Excerpted records>
--- --- ---

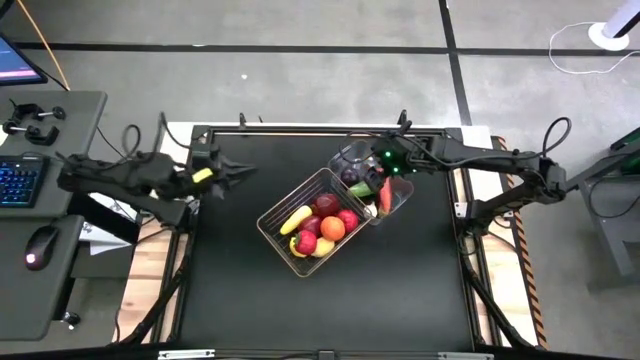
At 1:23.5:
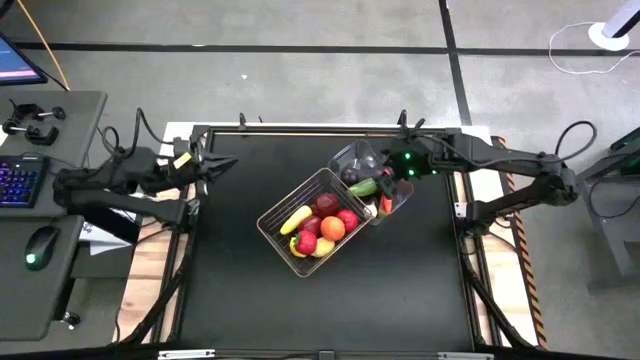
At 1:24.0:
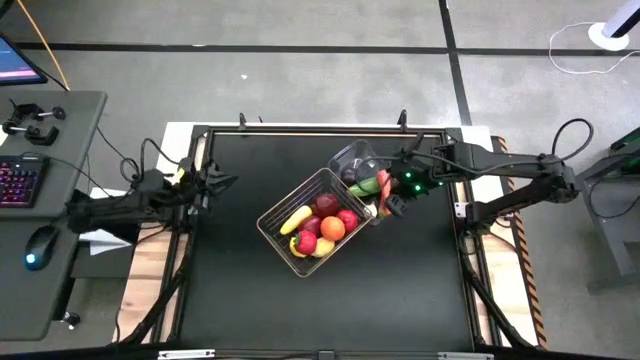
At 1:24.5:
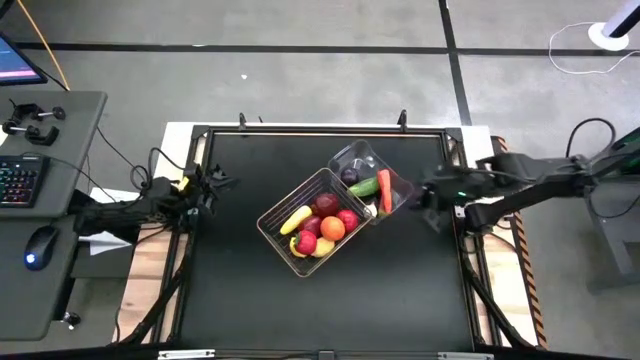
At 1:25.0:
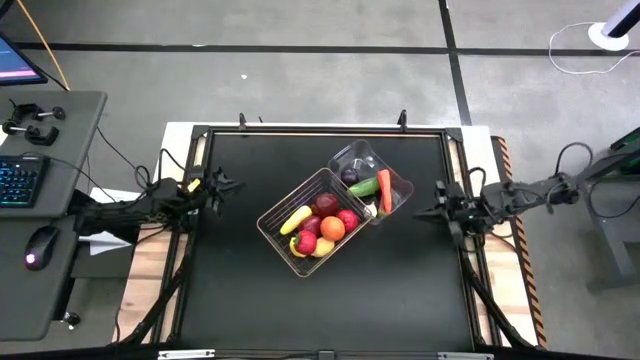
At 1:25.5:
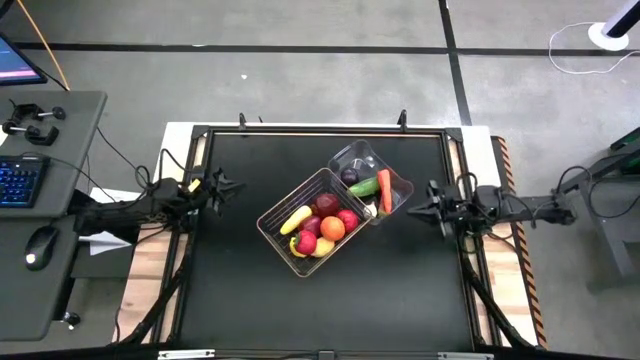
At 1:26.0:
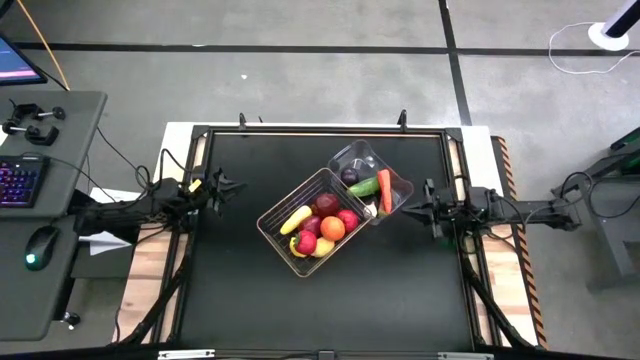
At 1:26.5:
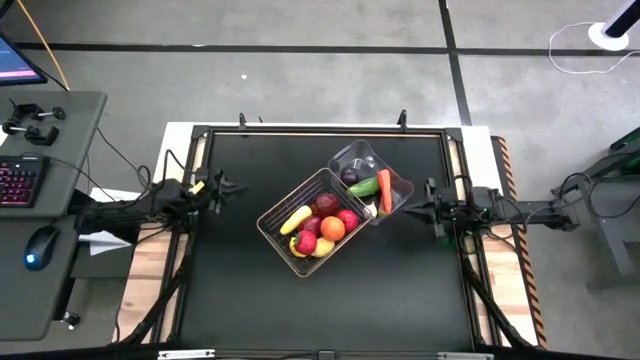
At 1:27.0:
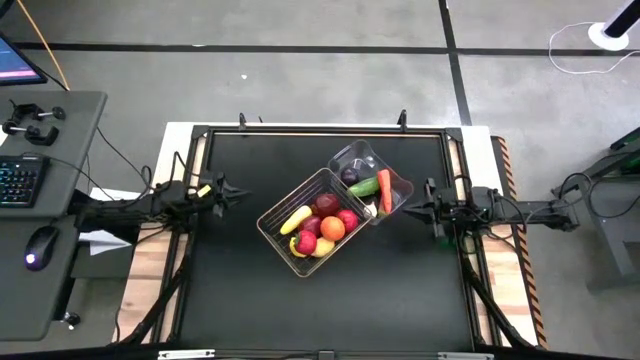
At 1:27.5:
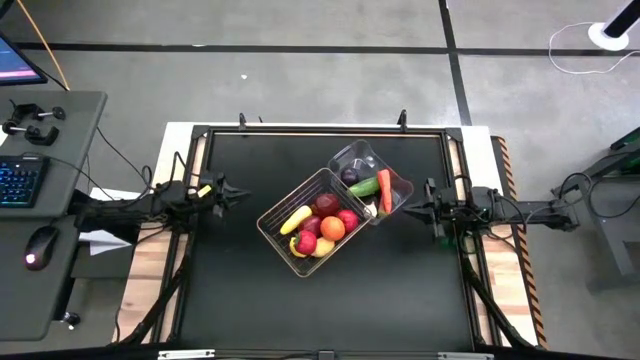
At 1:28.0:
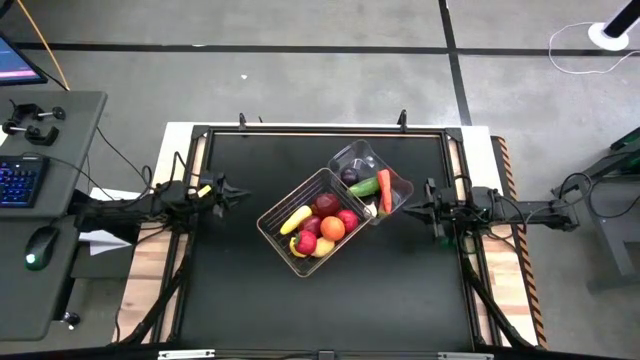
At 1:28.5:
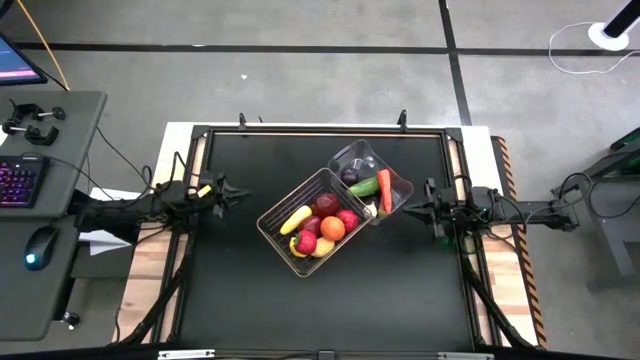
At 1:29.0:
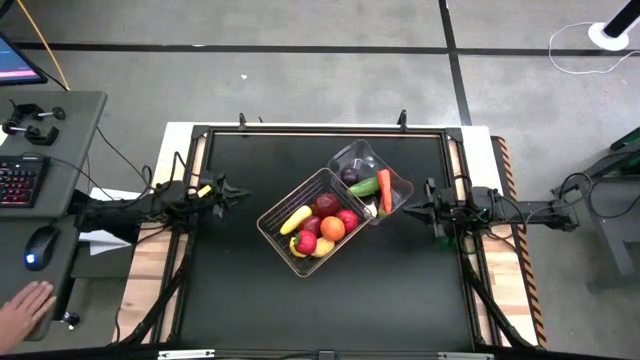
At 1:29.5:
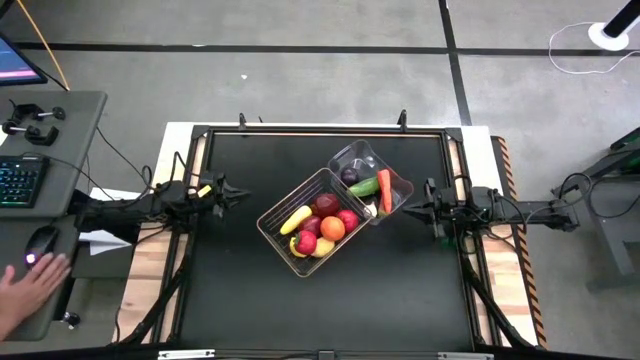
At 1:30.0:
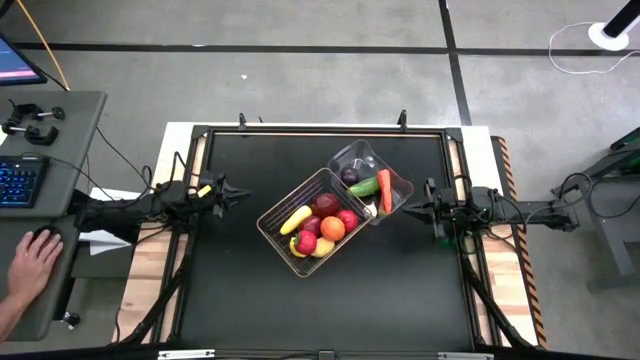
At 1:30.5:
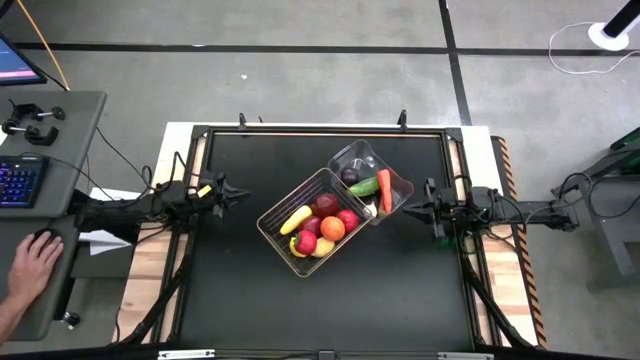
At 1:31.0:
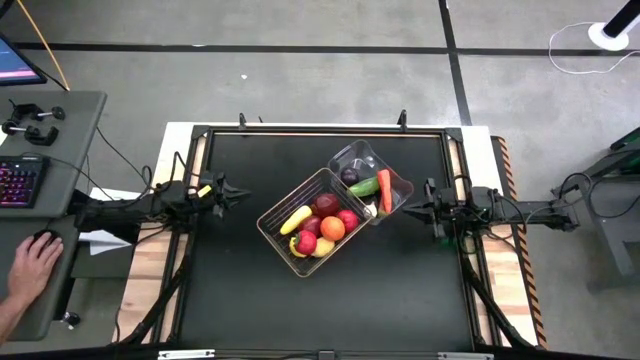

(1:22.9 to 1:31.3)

--- --- ---

A word-for-word retyping of the material above is expected, without pictures.

At 1:23.5:
At 1:24.0:
At 1:24.5:
At 1:25.0:
At 1:25.5:
At 1:26.0:
At 1:26.5:
At 1:27.0:
At 1:27.5:
At 1:28.0:
At 1:28.5:
At 1:29.0:
At 1:29.5:
At 1:30.0:
At 1:30.5:
At 1:31.0:

(1:22.9 to 1:31.3)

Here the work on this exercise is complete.